Figure 6 Immune microenvironment, immune-related pathways, tumor microenvironment (TME) and checkpoint genes in the low- and high-PPRPS groups. (A) Heatmap of the immune microenvironment revealing the immune cells and stromal score between the two PPRPS groups. (B) Scores of 13 immune-related pathways between the two PPRPS groups. (C) Twenty-nine functional gene expression signatures (Fges) describing the TME in the two PPRPS groups. (D) Expression of immune checkpoint genes in the high- and low-PPRPS groups. *p < 0.05, **p < 0.01, ***p < 0.001, ns, not significant.

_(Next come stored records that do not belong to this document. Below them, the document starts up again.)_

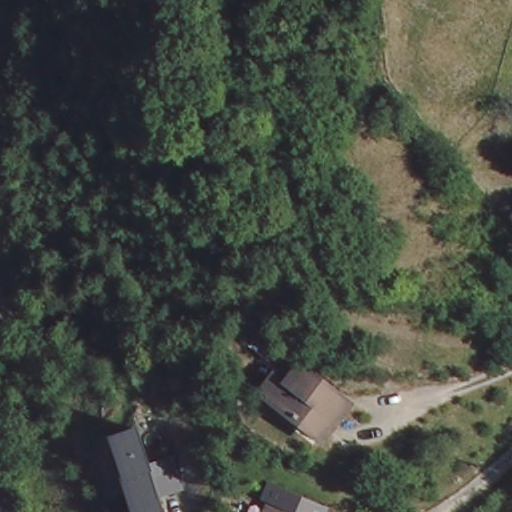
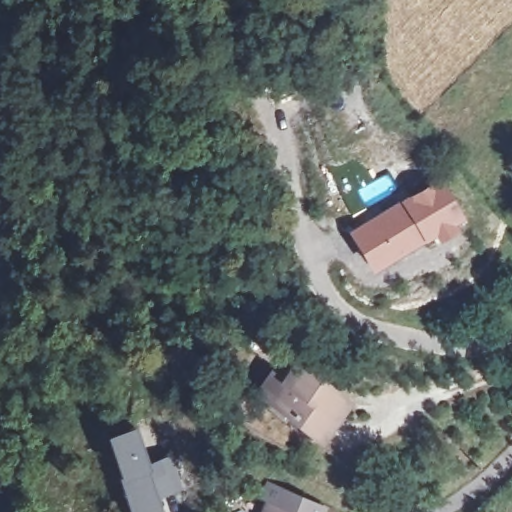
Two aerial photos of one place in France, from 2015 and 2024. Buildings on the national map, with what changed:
new [(346,229),(438,176),(462,216),(451,222),(456,229),(436,240),(433,234),(370,270),(346,229)]
unchanged [(261,390),(275,372),(287,381),(301,363),(346,398),(347,399),(321,433),(318,434),(273,399),(261,390)]
unchanged [(146,460),(172,456),(180,488),(158,494),(163,512),(130,512),(107,435),(134,427),(146,460)]
demolished [(189,447),(169,450),(167,431),(186,427),(189,447)]
unchanged [(317,512),(265,512),(271,500),(265,497),(271,484),(287,492),(320,506),(317,512)]

Identification of DEGs of m6A patterns between low- and high-PPRPS bladder cancer patients
Recent studies have shown that aberrant m6A methylation and related regulatory proteins are closely associated with a variety of cancers (24), including bladder cancer (25). Therefore, the m6A-related DEGs were analyzed in the low- and high-PPRPS groups. Increased METTL3, YTHDC1, and YTHDF1 expression were noted in the low-PPRPS group than in the high-PPRPS group (Figure 7).
Figure 7 m6A-related DEG patterns between low- and high-PPRPS bladder cancer patients. The expression of 12 m6A-related genes was evaluated within the low- and high-PPRPS groups. *p < 0.05, **p < 0.01, ns, not significant.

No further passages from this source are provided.